[Data entries]
_ _ _ _ _

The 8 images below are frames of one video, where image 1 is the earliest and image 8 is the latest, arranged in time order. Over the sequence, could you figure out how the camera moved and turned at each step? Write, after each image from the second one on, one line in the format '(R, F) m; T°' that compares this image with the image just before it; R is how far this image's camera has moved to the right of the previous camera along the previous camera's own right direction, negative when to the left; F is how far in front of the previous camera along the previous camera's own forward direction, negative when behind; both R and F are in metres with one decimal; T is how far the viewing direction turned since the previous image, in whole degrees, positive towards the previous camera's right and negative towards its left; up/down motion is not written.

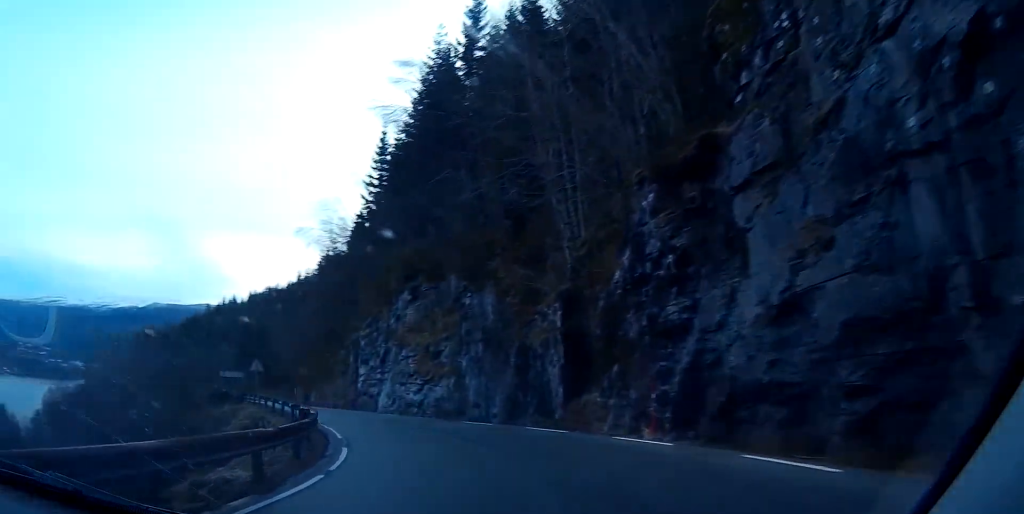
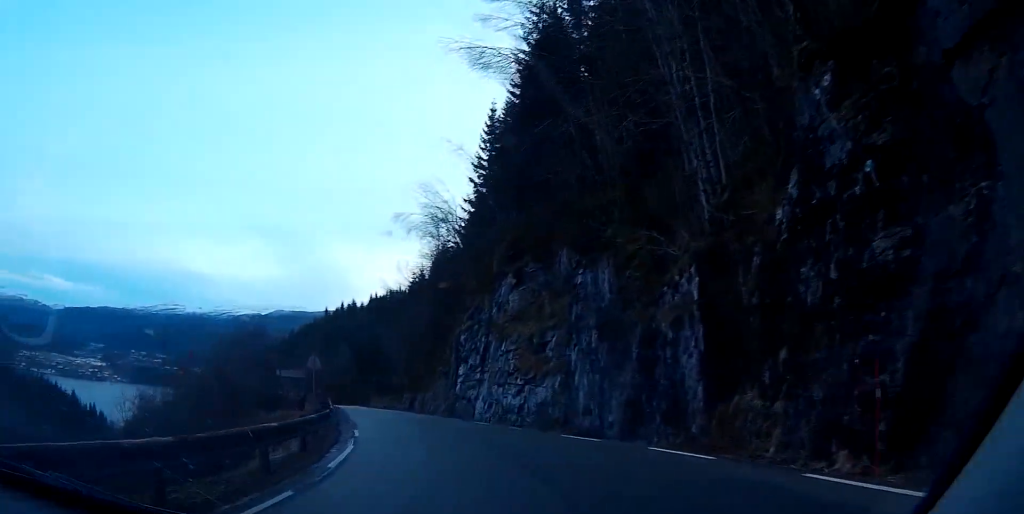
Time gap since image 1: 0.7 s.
(-0.4, +9.0) m; -11°
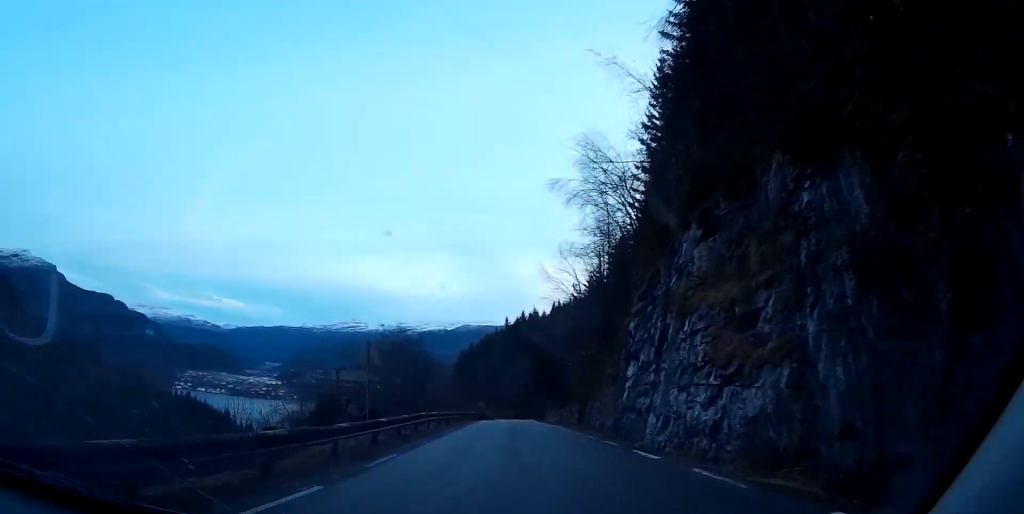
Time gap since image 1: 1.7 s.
(-2.2, +15.0) m; -11°
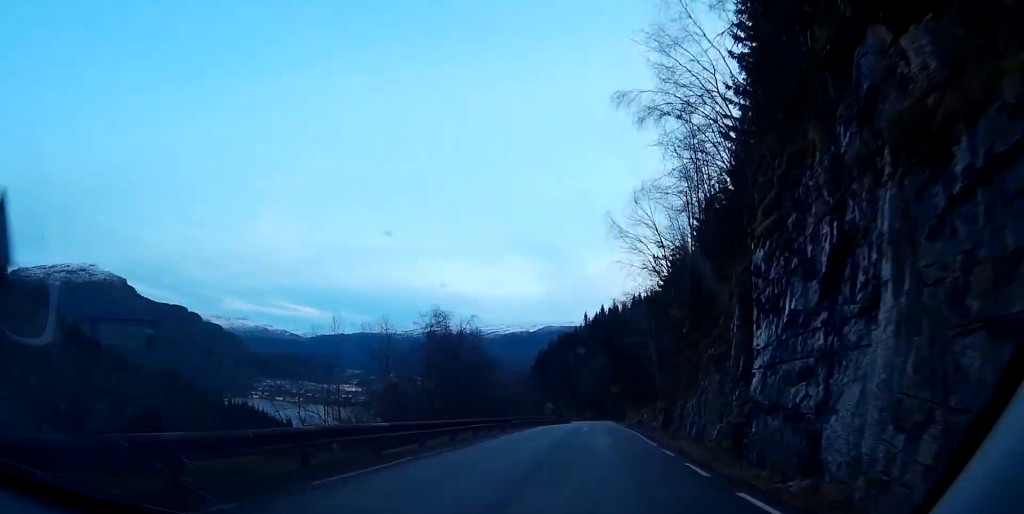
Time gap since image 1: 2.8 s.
(-0.7, +16.8) m; -3°
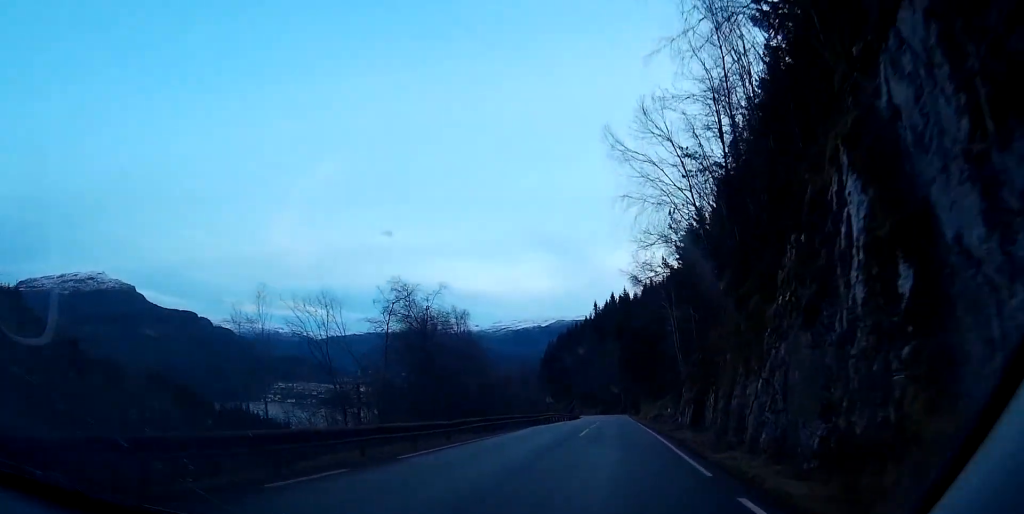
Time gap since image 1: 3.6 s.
(-0.2, +13.6) m; -1°
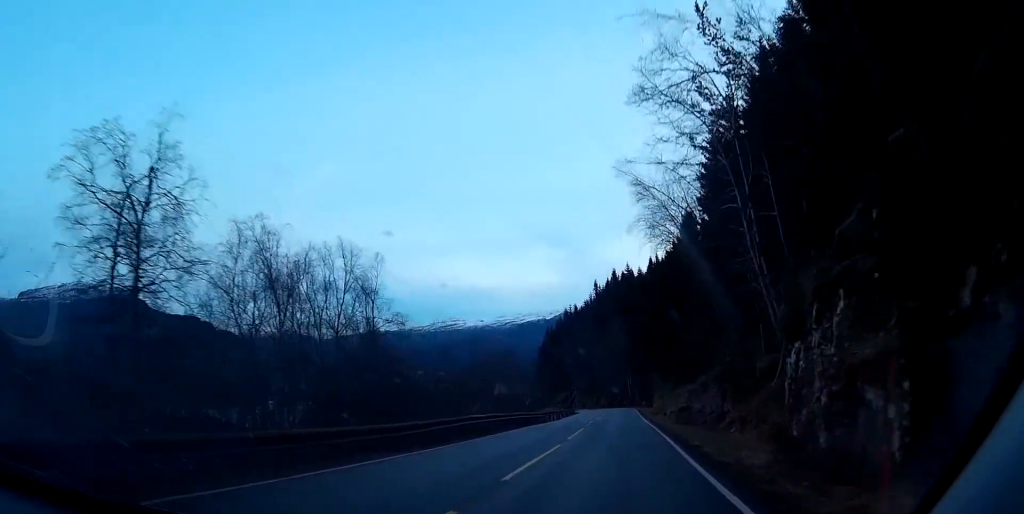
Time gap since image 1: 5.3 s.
(0.0, +30.6) m; 0°
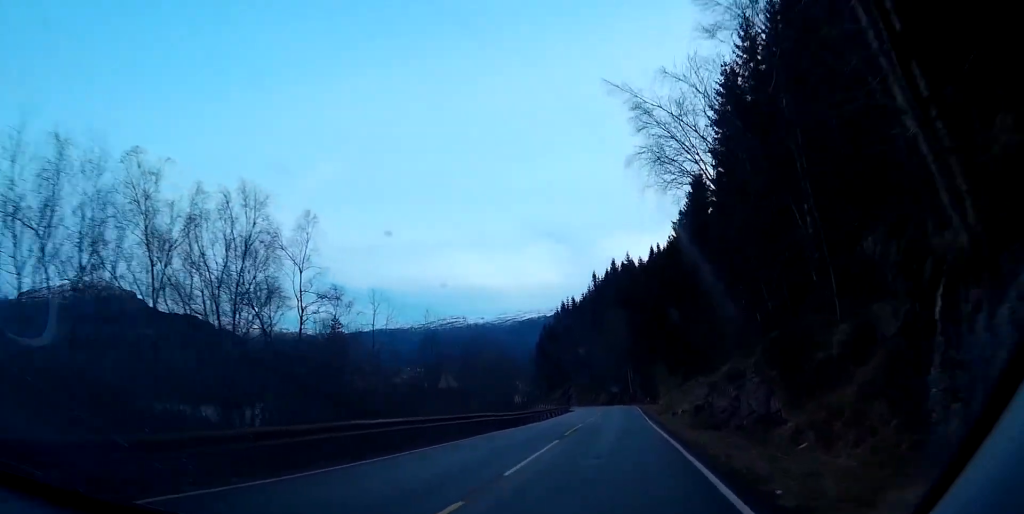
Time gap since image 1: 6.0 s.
(0.0, +12.5) m; -1°
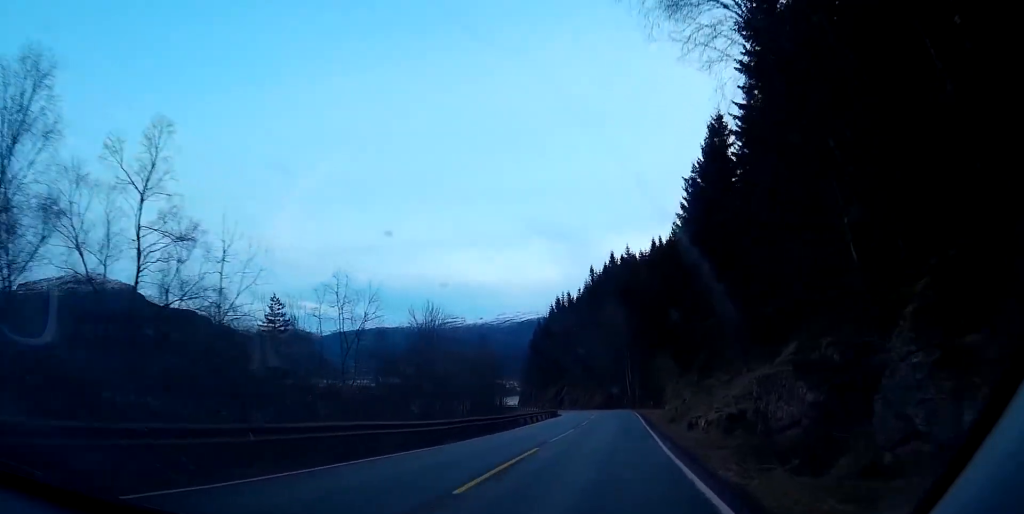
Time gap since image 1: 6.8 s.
(-0.1, +15.9) m; -2°

_ _ _ _ _

| What is required |
All records above must be output exactly as they stand, excluding pictures.

| Reply |
The 8 images below are frames of one video, where image 1 is the earliest and image 8 is the latest, arranged in time order. Over the sequence, could you figure out how the camera moved and turned at each step? Write, after each image from the second one on, one line in the format '(R, F) m; T°' that compares this image with the image just before it; R is how far this image's camera has moved to the right of the previous camera along the previous camera's own right direction, negative when to the left; F is how far in front of the previous camera along the previous camera's own forward direction, negative when behind; both R and F are in metres with one decimal; T is how far the viewing direction turned since the previous image, in whole degrees, positive towards the previous camera's right and negative towards its left; up/down motion is not written.

Time gap since image 1: 0.7 s.
(-0.4, +9.0) m; -11°
Time gap since image 1: 1.7 s.
(-2.2, +15.0) m; -11°
Time gap since image 1: 2.8 s.
(-0.7, +16.8) m; -3°
Time gap since image 1: 3.6 s.
(-0.2, +13.6) m; -1°
Time gap since image 1: 5.3 s.
(0.0, +30.6) m; 0°
Time gap since image 1: 6.0 s.
(0.0, +12.5) m; -1°
Time gap since image 1: 6.8 s.
(-0.1, +15.9) m; -2°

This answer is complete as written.